Becca snorts, chewing her mouthful and swallowing before speaking again. “Alright, well then – when do you start?”
He blinks, looking over at her. “You think I should take it?” he asks, a little surprised. He’d expected her to want more details or to question his decision because this was a pretty huge undertaking before even taking into account the fact that Bucky had been pretty vocal about not jumping right into another placement.
“I think you’ve already made up your mind, honestly. I mean, for one thing, you wouldn’t be discussing something with me that required damn near a dozen NDA’s if you weren’t serious on some level, for another you’ve had a crush on Steve Rogers since forever and nobody’s going to blame you for wanting to get close to him even if in reality it’s a pretty terrible idea, and for the final thing… well. This is a protection job for that little girl as much as it’s a Nanny job, right? And I know you.”

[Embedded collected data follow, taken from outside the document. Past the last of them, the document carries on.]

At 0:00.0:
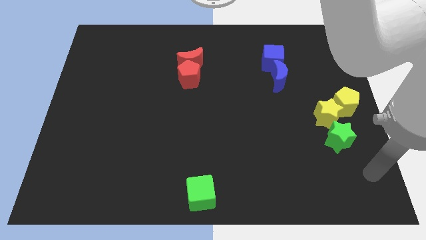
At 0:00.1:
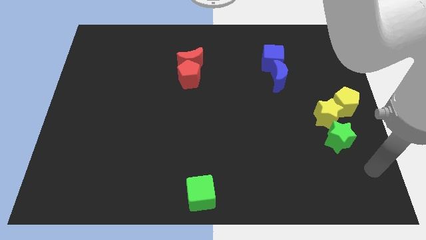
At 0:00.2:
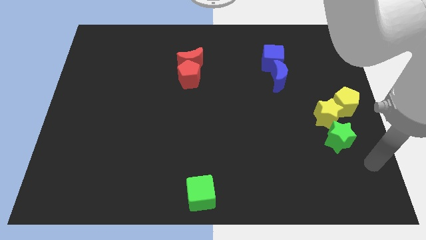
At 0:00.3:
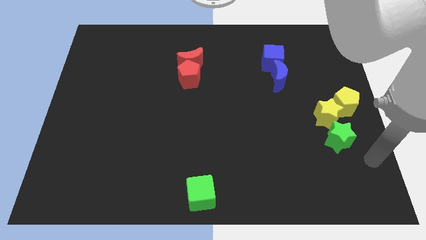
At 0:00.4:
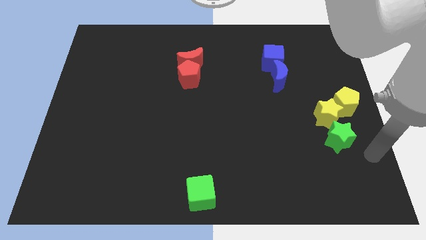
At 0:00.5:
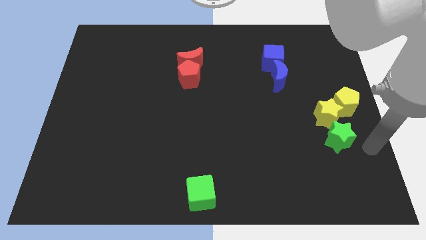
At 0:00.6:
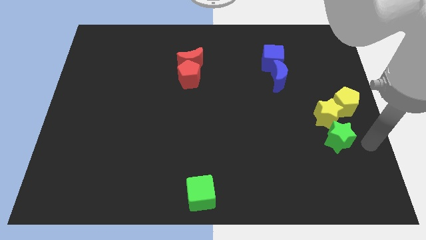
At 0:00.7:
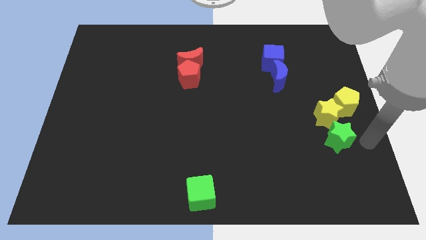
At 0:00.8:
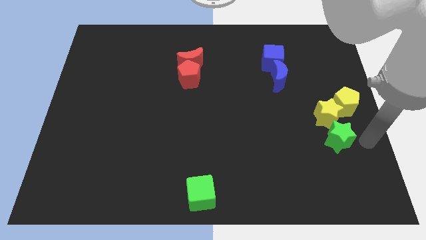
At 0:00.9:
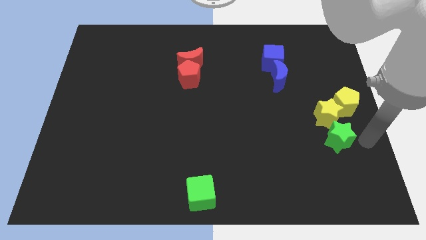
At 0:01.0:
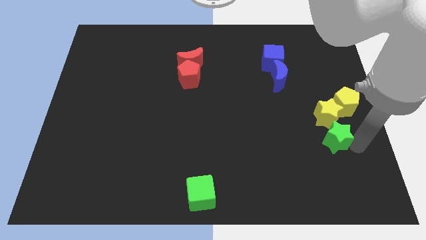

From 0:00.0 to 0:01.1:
move your arm to the right of green star

He sighs, glancing at her for just a second before deciding to use the food spread across the table in front of them as a distraction and loading his plate with a healthy portion of crispy orange chicken and pineapple fried rice. “Well, the start date thing seems pretty open. I looked over the paperwork this afternoon and it seems like it’s down to me and my availability – they simply want to know because Captain Rogers wishes to be present for my first week on the role to see how I get on with his kid – which I can totally understand,” he adds because he knows it’s a huge deal for an Omega parent to leave their child with anyone, let alone a stranger – even when the stranger has plenty of experience and background checks.
Becca nods. “That seems fair. And it seems fair for you to be introduced to a child with potential superpowers with someone there capable of taking her on. Imagine how embarrassing it would be to be beaten by a baby,” she teases, a smirk breaking out across her face.
“Becs, she’s three months old,” Bucky reminds her, rolling his eyes. “Even a super-serumed three-month-old won’t be able to do that much… I don’t think.”
“Exactly – you don’t think. It’s not like you actually know,” she says, delivering it like it’s some sagely advice and she’s an expert. “But in all seriousness, if you find you’ve bitten off more than you can chew, my oversized-linen-cupboard-masquerading-as-a-bedroom is always open to you if you need to come and stay with me…. So long as I can come and visit you and my fake-niece in your fancy tower whilst you’re there. Oooh, should I start calling you Rapunzel? I mean, you do have long hair, for a guy at least…”
Bucky picks up a chicken ball and flicks it deftly across the table at her. “Definitely not… but I appreciate the offer of the room.”
Becca giggles at his reaction and uses the end of a stick to poke the errant ball back at him. “Good. Now, don’t start food fights you can’t win. I think Mom still has the mental scarring from the great Christmas food fight of ’94.”
“Oh, she definitely does,” Bucky confirms with a smirk on his face, strangely glad of his sister’s blessing on the new job… especially as he’s sure he’s going to take it now. He has been sure since the visit a couple of days ago.